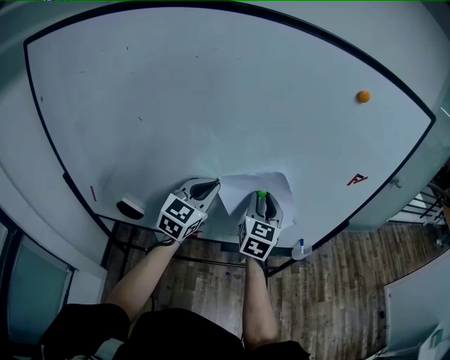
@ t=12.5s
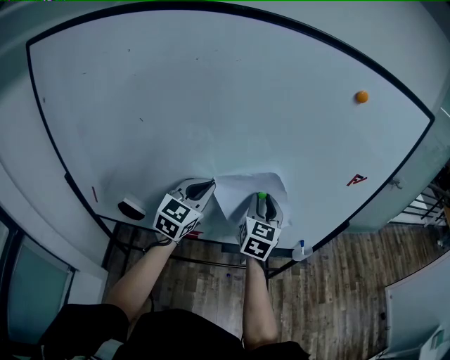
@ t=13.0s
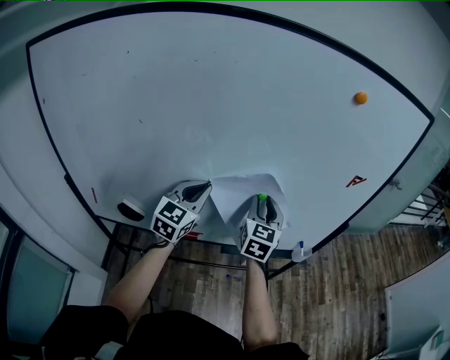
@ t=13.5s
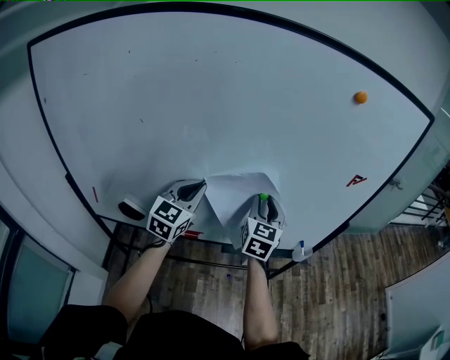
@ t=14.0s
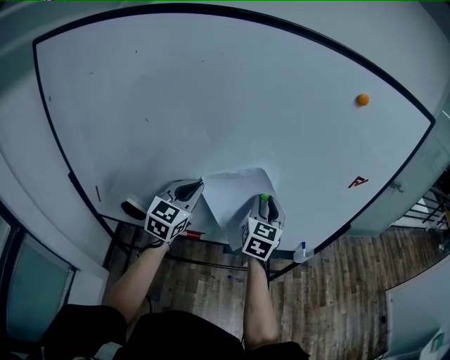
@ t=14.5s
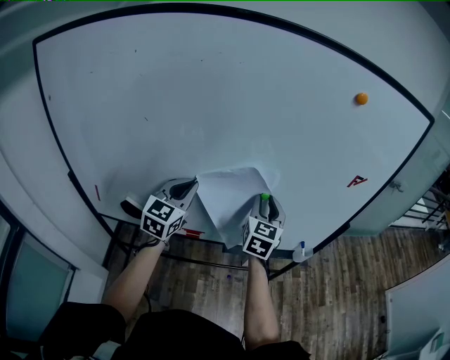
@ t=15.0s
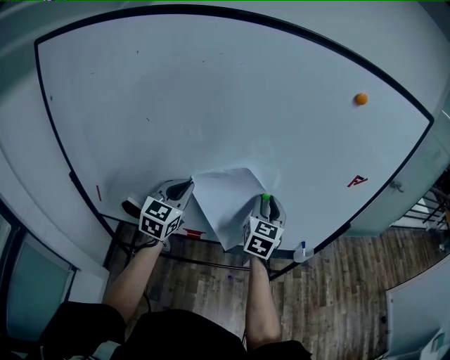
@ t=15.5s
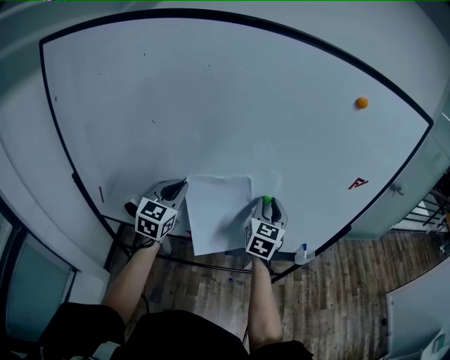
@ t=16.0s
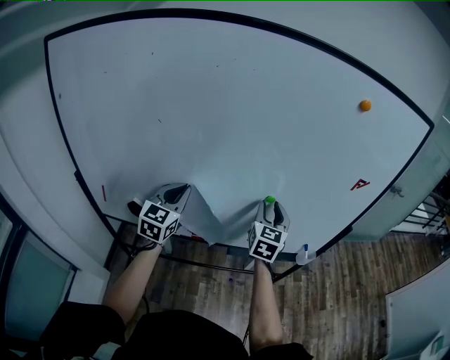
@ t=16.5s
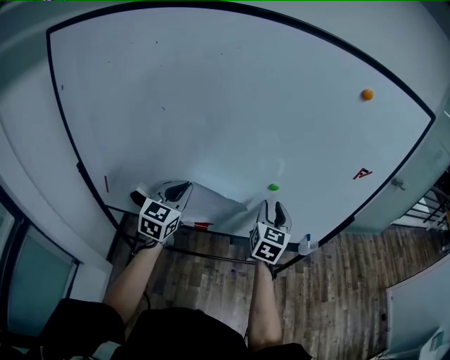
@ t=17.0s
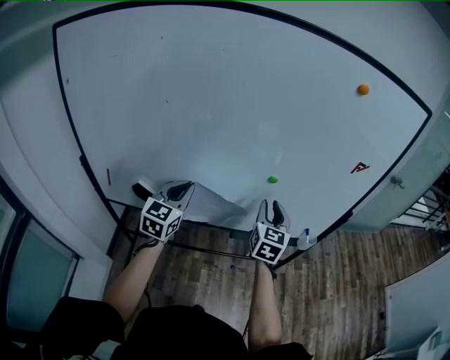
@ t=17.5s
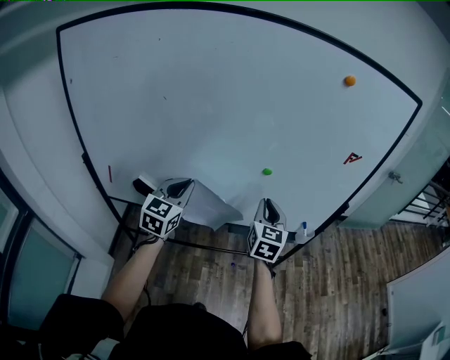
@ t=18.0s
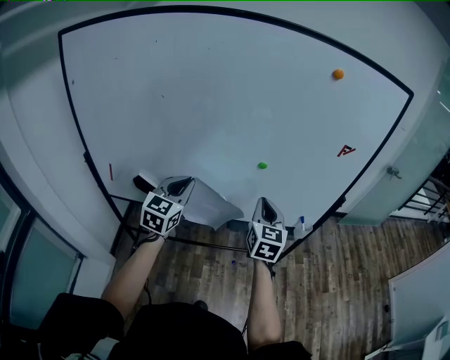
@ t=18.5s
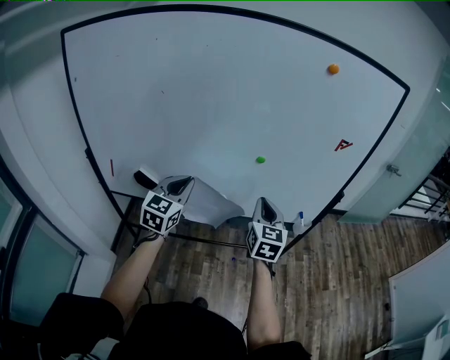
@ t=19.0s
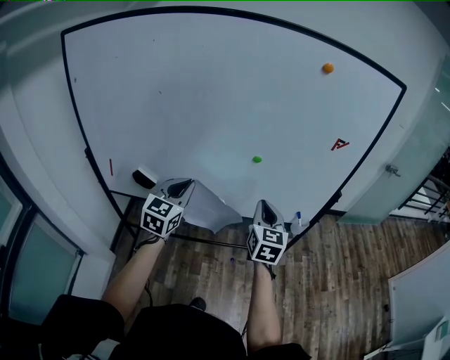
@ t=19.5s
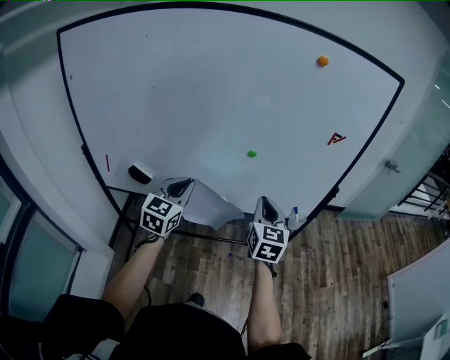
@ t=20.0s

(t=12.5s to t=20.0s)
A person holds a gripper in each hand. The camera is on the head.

◇ ◇ ◇ ◇ ◇

◆ **WORK INSTRUCTIONS**
What is needed is an exact copy of the entries, without any images.

◆ **SOLUTION FOR THIS EXERCISE**
@ t=12.5s
@ t=13.0s
@ t=13.5s
@ t=14.0s
@ t=14.5s
@ t=15.0s
@ t=15.5s
@ t=16.0s
@ t=16.5s
@ t=17.0s
@ t=17.5s
@ t=18.0s
@ t=18.5s
@ t=19.0s
@ t=19.5s
@ t=20.0s

(t=12.5s to t=20.0s)
A person holds a gripper in each hand. The camera is on the head.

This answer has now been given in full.